**EXERCISE AIM:**
Where does the word "woodland" show up in the data? Please find each such line and copy it.

**INFORMATION GIVEN:**
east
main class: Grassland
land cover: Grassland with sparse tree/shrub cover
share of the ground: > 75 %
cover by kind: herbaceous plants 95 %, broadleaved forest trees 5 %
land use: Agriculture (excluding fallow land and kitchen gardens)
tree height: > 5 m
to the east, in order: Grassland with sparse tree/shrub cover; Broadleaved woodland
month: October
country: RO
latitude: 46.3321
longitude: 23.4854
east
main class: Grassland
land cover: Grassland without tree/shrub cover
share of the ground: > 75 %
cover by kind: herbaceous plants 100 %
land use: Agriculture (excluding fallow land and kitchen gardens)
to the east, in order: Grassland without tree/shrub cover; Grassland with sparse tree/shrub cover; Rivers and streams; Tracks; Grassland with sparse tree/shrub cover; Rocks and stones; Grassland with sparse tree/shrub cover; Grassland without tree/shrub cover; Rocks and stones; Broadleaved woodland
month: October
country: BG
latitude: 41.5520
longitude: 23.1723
...
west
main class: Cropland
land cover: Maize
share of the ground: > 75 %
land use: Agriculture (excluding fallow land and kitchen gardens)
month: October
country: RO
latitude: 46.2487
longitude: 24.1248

**RESPONSE TO THE TASK:**
to the east, in order: Grassland with sparse tree/shrub cover; Broadleaved woodland
to the east, in order: Grassland without tree/shrub cover; Grassland with sparse tree/shrub cover; Rivers and streams; Tracks; Grassland with sparse tree/shrub cover; Rocks and stones; Grassland with sparse tree/shrub cover; Grassland without tree/shrub cover; Rocks and stones; Broadleaved woodland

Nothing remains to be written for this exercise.